Semana 1 de Inmersión en Valdelarte - Acogida y conexión local
- María Sierra Sánchez

- 24 feb
- 2 Min. de lectura
Actualizado: 24 feb

Foto cedida por Verónica Álvarez - VALDELARTE
Llegué a un territorio que ya había sido abrazado por otros pasos. Alájar —ese pueblo que parece susurrar historias entre sus calles empedradas— me recibió con la sensación de que algo ya estaba en marcha. Los participantes me esperaban allí, ya impregnados de la sierra, ya habitando el ritmo del lugar.
Ellos llevaban una semana respirando Valdelarco y Valdelarte. Yo llegaba como mentora, no para iniciar el proceso, sino para acompañarlo.
Me uní a su camino y juntos nos adentramos en la tarde de Calabacino, esa pedanía donde el tiempo se desliza con otra densidad. Paseamos, observamos, conversamos. Las palabras fluían como arroyos entre la gente del lugar, entre el arte que irrumpe en mitad del territorio, entre niños que salen del colegio y devuelven al pueblo su pulso más vivo. No era turismo. Era presencia.
Esa inmersión que ellos ya estaban viviendo recibió la mirada de quien acompaña. Y acompañar no es dirigir; es escuchar lo que ya está sucediendo.
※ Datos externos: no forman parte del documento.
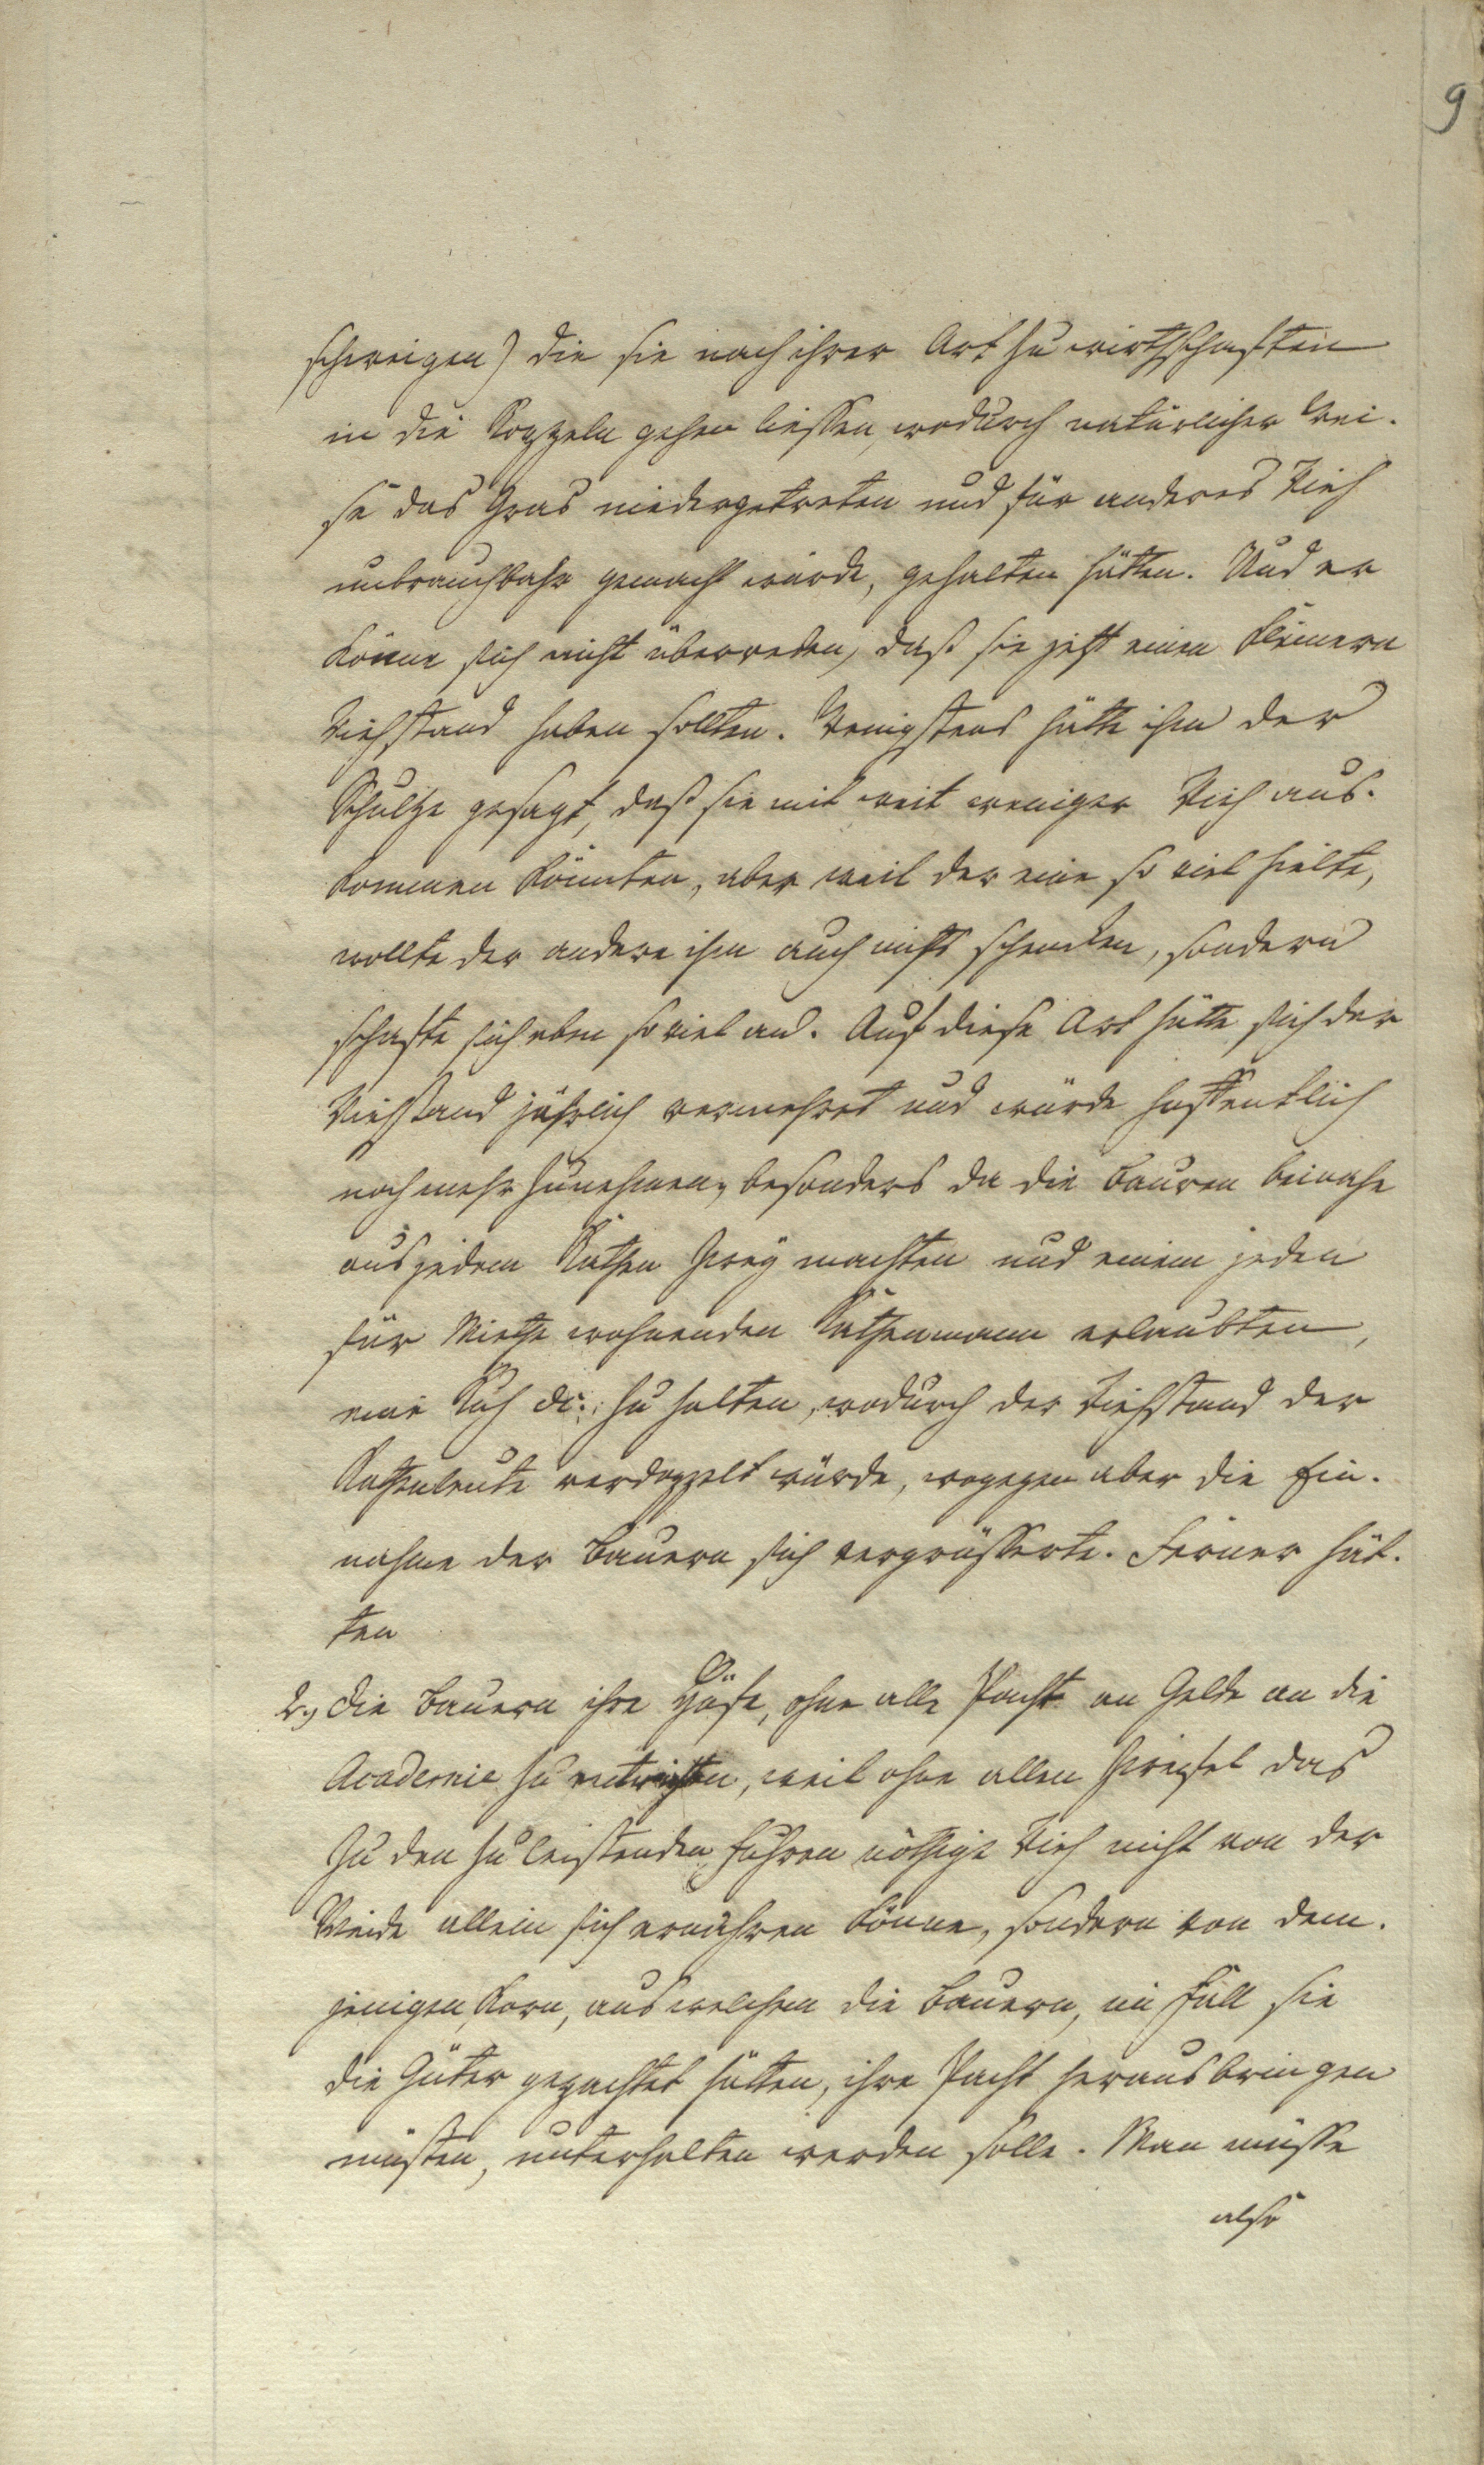schweigen) die sie nach ihrer Art zu wirthschaften
in die Koppeln gehen liessen, wodurch natürlicher Wei¬
se das Gras niedergetreten und für andres Vieh
unbrauchbahr gemacht würde, gehalten hätten. Und er
könne sich nicht überreden, daß sie jetzt einen kleinern
Viehstand haben sollten. Wenigstens hätte ihm der
Schulze gesagt, daß sie mit weit weniger Vieh aus-
kommen könnten, aber weil der eine so viel hielte,
wollte der andere ihm auch nichts schenken, sondern
schafte sich eben so viel an. Auf diese Art hätte sich der
Viehstand jährlich vermehret und würde hoffentlich
noch mehr zunehmen, besonders da die Bauren beinahe
aus jedem Kathen zwey machten und einem jeden
für Miethe wohnenden Kathenmann erlaubten
eine Kuh etc. zu halten, wodurch der Viehstand der
Kathenleute verdoppelt würde, wogegen aber die Ein¬
nahme der Bauern sich vergrösserte. Ferner hät¬
ten
2., die Bauern ihre Höfe, ohne alle Pacht an Gelde an die
Academie zu entrichten, weil ohne allen Zweifel das
zu den zu leistenden Fuhren nöthige Vieh nicht von der
Weide allein sich ernähren könne, sondern von dem¬
jenigen Korn, aus welchen die Bauern, im Fall sie
die Güter gepachtet hätten, ihre Pacht herausbringen
müßten, unterhalten werden solle. Man müsse
also

Al día siguiente, nos dirigimos a Valdelarco. Allí la inmersión tomaba forma entre la realidad rural —sus desafíos, sus silencios, sus ritmos— y las aspiraciones de quienes desean construir futuro en estos espacios. La conversación dejó de ser teoría y se convirtió en algo más profundo: ¿qué sostiene realmente a un pueblo? ¿Qué lo debilita? ¿Qué tipo de comunidad queremos ser?
Finalmente, en Valdelarte, junto a Verónica, la experiencia cobró otra dimensión. Con ella no solo observamos un espacio; escuchamos el eco de un proyecto que lleva años sosteniendo cultura en la sierra. Allí el arte y el territorio se hicieron espejo.

La inmersión dejó de ser un concepto y se convirtió en algo tangible: un cuidado compartido. Un latido cultural cultivado en el tiempo. Una red invisible de personas que sostienen lo que aman.
En ese punto, la inmersión de ellos y mi mentoría se encontraron. Fue un cruce de caminos donde el territorio y la comunidad enseñaron algo esencial: la verdadera inmersión no sucede cuando miras el paisaje, sino cuando aprendes a escucharlo. Y a escucharte.
Y así, entre Alájar, Calabacino y Valdelarco (Valdelarte), lo que se inició hace una semana se consolidó en un fin de semana donde el territorio y el arte nos recordaron que, más allá de las guías, lo que realmente permanece es aquello que sabemos cuidar.
Porque una inmersión no es venir a “ver un pueblo”. Es permitir que el pueblo te vea a ti.
Si alguna vez has sentido que el medio rural no es un lugar al que escapar, sino un lugar al que pertenecer.
Si sientes que quieres comprenderlo desde dentro y no desde la distancia, si te mueve la idea de construir comunidad en vez de consumir paisaje…
Quizá tu próxima parada no sea un destino. Sea una inmersión.
Nosotros seguimos caminando.
Y el territorio siempre tiene espacio para quien quiera escucharlo.